Suggested template:
Problem/Question
Parent pod is crash looping with:
ls: /var/run/balena.sock: No such file or directory
ls: /var/run/docker.sock: No such file or directory
Unable to communicate with Netdata daemon, querying config from disk instead.
Unable to communicate with Netdata daemon, querying config from disk instead.
Token: ****************
Base URL: https://app.netdata.cloud
Id: [ID]
Rooms: [ROOMS]
Hostname: [PODNAME]
Proxy:
Netdata user: netdata
Failed to connect to https://app.netdata.cloud, return code 6
Connection attempt 1 failed. Retry in 1s.
Failed to connect to https://app.netdata.cloud, return code 6
Connection attempt 2 failed. Retry in 2s.
Failed to connect to https://app.netdata.cloud, return code 6
Connection attempt 3 failed. Retry in 3s.
grep: /var/lib/netdata/cloud.d/tmpout.txt: No such file or directory
grep: /var/lib/netdata/cloud.d/tmpout.txt: No such file or directory
Failed to claim node with the following error message:"Unknown HTTP error message"
Netdata is running on a MicroK8s (1.22.6) cluster. It is provisioned (via Flux) with Helm with the following config:
spec:
values:
child:
claiming:
enabled: true
rooms: [ROOMS]
envFrom:
- secretRef:
name: netdata-secrets
notifications:
slackurl: [SLACKURL]
parent:
alarms:
storageclass: nfs-hdd
volumesize: 1Gi
claiming:
enabled: true
rooms: [ROOMS]
database:
storageclass: nfs-ssd
volumesize: 10Gi
envFrom:
- secretRef:
name: netdata-secrets
livenessProbe:
failureThreshold: 10
periodSeconds: 60
timeoutSeconds: 10
readinessProbe:
failureThreshold: 10
periodSeconds: 60
timeoutSeconds: 10
replicaCount: 1
interval: 1m0s
releaseName: netdata
targetNamespace: netdata
Child pods all connect quickly, without any obvious issues. Parent pod is stuck crash looping.
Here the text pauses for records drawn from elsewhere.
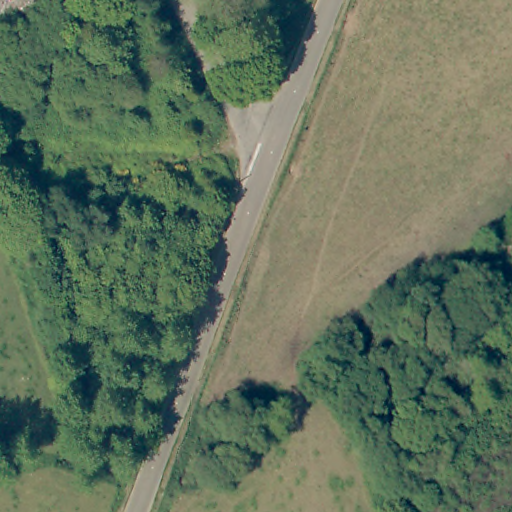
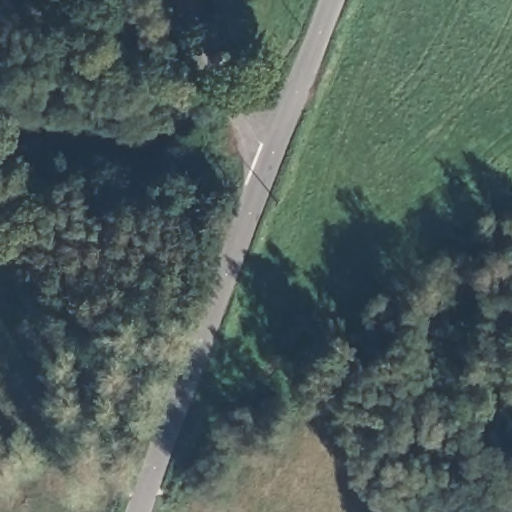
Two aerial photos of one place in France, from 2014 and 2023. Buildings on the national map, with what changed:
unchanged [(1,169),(22,160),(33,188),(13,196),(1,169)]

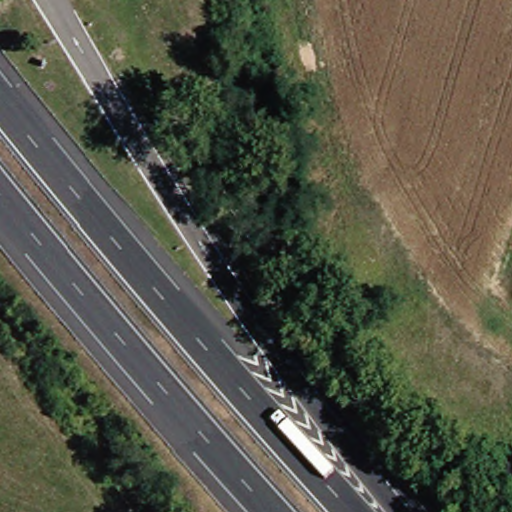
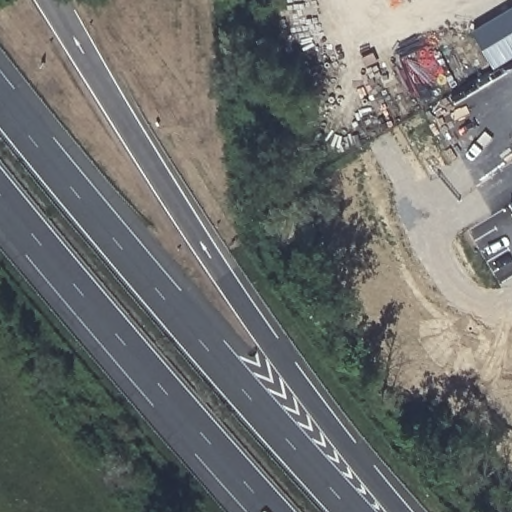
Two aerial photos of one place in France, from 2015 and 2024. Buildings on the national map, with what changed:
new [(512,6),(512,57),(493,68),(471,30),(512,6)]

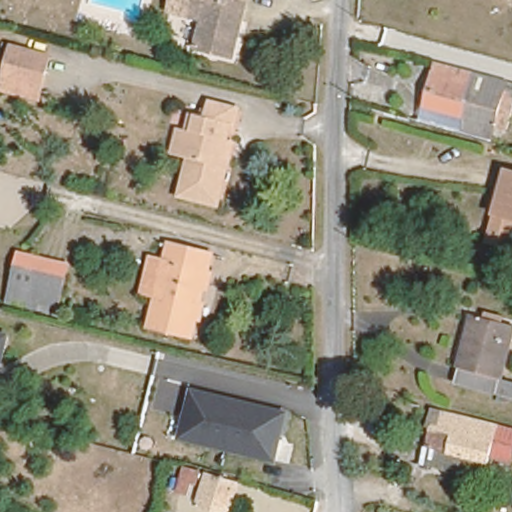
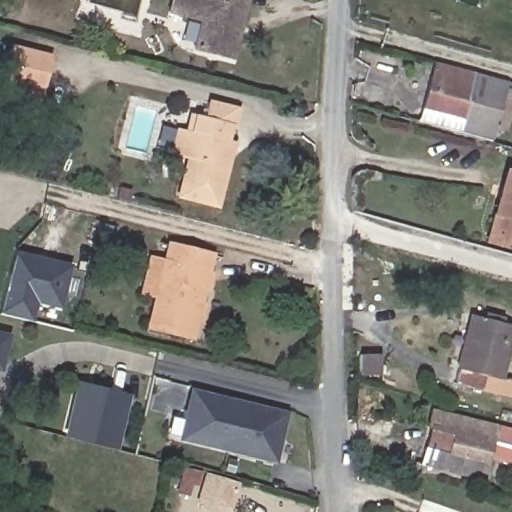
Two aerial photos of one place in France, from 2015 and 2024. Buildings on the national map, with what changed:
unchanged [(193,42),(201,15),(169,8),(171,0),(244,0),(231,53),(193,42)]
unchanged [(8,82),(10,73),(18,40),(55,49),(46,82),(44,91),(8,82)]
unchanged [(418,107),(432,58),(504,77),(512,79),(512,103),(505,129),(490,126),(487,138),(415,119),(418,107)]
unchanged [(199,115),(204,117),(209,100),(235,107),(227,137),(234,139),(232,147),(218,201),(180,191),(189,156),(180,154),(171,152),(177,126),(187,129),(195,131),(199,115)]
unchanged [(476,234),(494,167),(512,171),(512,219),(509,218),(499,240),(496,248),(474,241),(476,234)]
unchanged [(205,251),(188,335),(145,327),(152,294),(136,291),(144,255),(159,258),(162,243),(205,251)]
unchanged [(7,293),(18,248),(50,256),(50,255),(51,251),(70,256),(68,267),(58,306),(7,293)]
unchanged [(512,326),(512,332),(500,379),(512,382),(512,398),(453,383),(470,316),(512,326)]
unchanged [(11,335),(3,375),(0,374),(0,332),(11,335)]
new [(76,383),(130,397),(116,450),(63,437),(76,383)]
unchanged [(275,466),(177,442),(189,390),(290,412),(275,466)]
unchanged [(486,478),(447,468),(423,462),(427,442),(436,407),(512,426),(512,457),(493,452),(486,478)]
unchanged [(228,512),(220,512),(192,503),(202,471),(237,480),(228,512)]
unchanged [(512,500),(510,500),(512,494),(512,500)]
unchanged [(415,512),(412,512),(412,511),(415,512)]

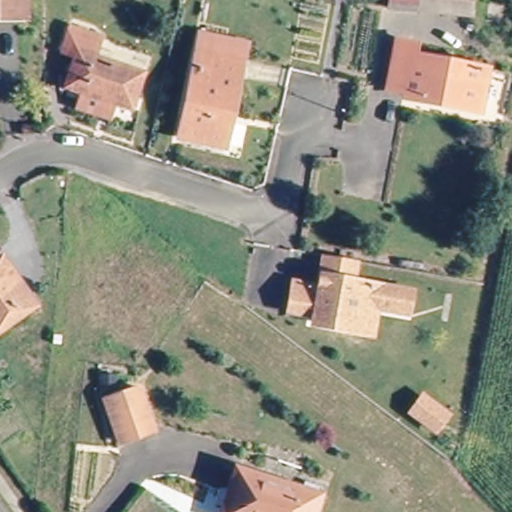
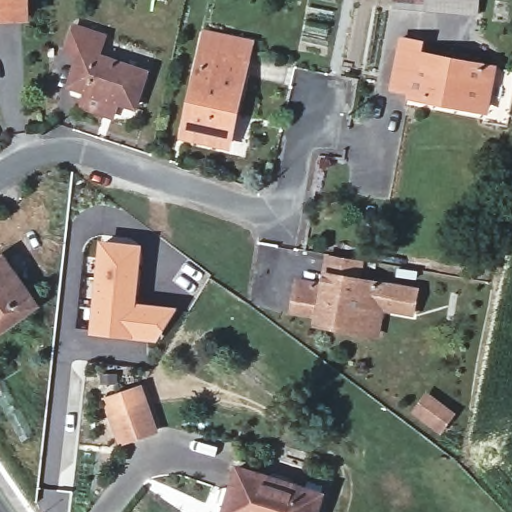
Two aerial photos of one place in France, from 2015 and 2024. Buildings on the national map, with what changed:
unchanged [(25,0),(24,24),(0,24),(0,0),(25,0)]
unchanged [(396,9),(397,0),(435,0),(433,13),(396,9)]
unchanged [(433,13),(435,0),(486,0),(485,16),(433,13)]
unchanged [(79,100),(86,87),(70,79),(82,53),(67,45),(80,23),(115,43),(110,54),(147,74),(131,108),(114,100),(108,115),(79,100)]
unchanged [(403,35),(419,38),(415,62),(487,78),(480,110),(391,93),(403,35)]
unchanged [(196,55),(201,55),(203,41),(250,49),(231,154),(180,145),(196,55)]
new [(89,336),(99,241),(143,245),(137,303),(177,308),(157,341),(89,336)]
unchanged [(0,332),(0,257),(8,250),(42,297),(0,332)]
unchanged [(321,323),(323,314),(297,309),(302,281),(329,285),(330,279),(332,261),(364,266),(361,284),(420,294),(416,318),(386,312),(385,317),(381,340),(320,329),(321,323)]
unchanged [(105,405),(140,391),(156,434),(122,448),(105,405)]
unchanged [(459,430),(446,445),(424,429),(435,413),(459,430)]
unchanged [(242,470),(323,488),(318,512),(230,512),(235,491),(242,470)]

Relevant docs you followed/actions you took to solve the issue
I’ve tried forcing the parent pod to other nodes in the cluster, disabling database.persistence, extending thresholds on probes (as seen in the current config above), and haven’t been able to get the parent pods healthy. Child pods are using the same room value as parent and pulling the token from the same kube secret.
Environment/Browser/Agent’s version etc
Netdata Docker Image Version: v1.33.1
What I expected to happen
Parent pods to start and become healthy.